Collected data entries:
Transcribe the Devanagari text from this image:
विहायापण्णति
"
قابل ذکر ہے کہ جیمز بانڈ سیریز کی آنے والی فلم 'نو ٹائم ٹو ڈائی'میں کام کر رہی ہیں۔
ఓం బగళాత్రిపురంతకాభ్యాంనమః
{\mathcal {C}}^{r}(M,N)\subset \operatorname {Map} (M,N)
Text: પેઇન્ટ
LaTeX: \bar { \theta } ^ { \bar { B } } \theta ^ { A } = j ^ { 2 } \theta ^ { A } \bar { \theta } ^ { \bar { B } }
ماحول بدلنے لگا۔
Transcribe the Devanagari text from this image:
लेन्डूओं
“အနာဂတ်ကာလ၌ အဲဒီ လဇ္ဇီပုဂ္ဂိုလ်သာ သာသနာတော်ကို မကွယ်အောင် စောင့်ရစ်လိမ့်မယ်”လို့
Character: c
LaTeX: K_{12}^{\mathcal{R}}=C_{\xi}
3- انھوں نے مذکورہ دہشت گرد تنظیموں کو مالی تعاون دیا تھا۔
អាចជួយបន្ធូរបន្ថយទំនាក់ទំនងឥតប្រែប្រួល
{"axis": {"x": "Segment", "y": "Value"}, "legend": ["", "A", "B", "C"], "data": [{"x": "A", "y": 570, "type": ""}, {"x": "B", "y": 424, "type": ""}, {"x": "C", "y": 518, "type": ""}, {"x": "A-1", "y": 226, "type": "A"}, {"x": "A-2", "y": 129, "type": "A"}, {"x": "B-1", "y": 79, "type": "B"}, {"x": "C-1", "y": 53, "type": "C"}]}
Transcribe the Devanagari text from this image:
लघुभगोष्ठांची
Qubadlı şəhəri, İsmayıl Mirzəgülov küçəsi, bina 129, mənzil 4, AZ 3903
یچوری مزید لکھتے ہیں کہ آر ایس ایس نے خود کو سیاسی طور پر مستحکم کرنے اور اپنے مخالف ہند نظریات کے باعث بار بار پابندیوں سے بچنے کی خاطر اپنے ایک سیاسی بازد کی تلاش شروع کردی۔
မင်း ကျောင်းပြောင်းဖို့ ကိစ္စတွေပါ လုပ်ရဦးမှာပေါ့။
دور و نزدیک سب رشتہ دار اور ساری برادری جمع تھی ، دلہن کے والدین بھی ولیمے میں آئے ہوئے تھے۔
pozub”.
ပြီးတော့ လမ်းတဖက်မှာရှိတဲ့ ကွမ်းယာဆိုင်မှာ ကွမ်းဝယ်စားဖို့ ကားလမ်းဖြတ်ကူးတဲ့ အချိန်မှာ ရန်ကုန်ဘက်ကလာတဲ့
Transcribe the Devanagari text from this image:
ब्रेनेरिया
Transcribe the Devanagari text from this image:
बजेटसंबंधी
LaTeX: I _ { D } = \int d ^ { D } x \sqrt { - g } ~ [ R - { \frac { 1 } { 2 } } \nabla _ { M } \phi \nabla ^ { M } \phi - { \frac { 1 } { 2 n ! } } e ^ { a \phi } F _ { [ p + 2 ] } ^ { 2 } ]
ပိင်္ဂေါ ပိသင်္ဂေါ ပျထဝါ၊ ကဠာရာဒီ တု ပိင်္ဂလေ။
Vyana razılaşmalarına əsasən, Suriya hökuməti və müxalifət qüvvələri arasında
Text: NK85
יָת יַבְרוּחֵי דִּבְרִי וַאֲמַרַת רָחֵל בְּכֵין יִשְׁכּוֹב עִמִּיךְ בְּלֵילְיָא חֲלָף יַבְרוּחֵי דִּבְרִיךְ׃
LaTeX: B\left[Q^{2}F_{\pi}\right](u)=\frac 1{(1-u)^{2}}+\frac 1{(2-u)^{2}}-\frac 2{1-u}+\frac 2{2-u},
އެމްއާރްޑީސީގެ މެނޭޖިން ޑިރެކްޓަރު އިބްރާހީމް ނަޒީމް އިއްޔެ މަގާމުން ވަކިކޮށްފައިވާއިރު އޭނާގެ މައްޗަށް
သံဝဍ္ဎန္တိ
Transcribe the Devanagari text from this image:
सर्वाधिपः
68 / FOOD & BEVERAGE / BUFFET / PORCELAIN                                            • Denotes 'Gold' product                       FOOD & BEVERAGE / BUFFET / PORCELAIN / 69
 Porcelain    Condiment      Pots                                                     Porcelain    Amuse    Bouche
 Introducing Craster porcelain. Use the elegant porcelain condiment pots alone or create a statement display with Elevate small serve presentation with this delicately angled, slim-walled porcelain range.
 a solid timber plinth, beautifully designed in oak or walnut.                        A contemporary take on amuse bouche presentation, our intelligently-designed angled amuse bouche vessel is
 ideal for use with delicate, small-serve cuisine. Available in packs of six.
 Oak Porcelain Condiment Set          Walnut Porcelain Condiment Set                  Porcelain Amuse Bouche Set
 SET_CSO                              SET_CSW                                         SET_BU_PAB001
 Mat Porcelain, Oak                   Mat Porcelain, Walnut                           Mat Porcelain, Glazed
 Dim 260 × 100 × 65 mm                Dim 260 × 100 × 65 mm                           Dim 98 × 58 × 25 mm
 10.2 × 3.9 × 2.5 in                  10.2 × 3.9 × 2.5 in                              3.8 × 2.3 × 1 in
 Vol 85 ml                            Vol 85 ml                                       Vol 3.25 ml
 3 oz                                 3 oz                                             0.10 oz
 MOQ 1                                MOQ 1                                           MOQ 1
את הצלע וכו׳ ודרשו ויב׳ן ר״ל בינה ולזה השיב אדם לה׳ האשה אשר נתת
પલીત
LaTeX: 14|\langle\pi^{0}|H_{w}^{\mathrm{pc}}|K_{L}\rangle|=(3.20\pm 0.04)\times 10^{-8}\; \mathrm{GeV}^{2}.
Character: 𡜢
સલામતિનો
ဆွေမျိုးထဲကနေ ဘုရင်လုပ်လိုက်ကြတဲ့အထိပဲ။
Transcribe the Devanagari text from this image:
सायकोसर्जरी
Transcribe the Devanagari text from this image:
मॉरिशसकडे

* What the task asks *
Go over the entries above and tally the lines holding "angled"; please answer with the number alone.

* Solution to the exercise *
2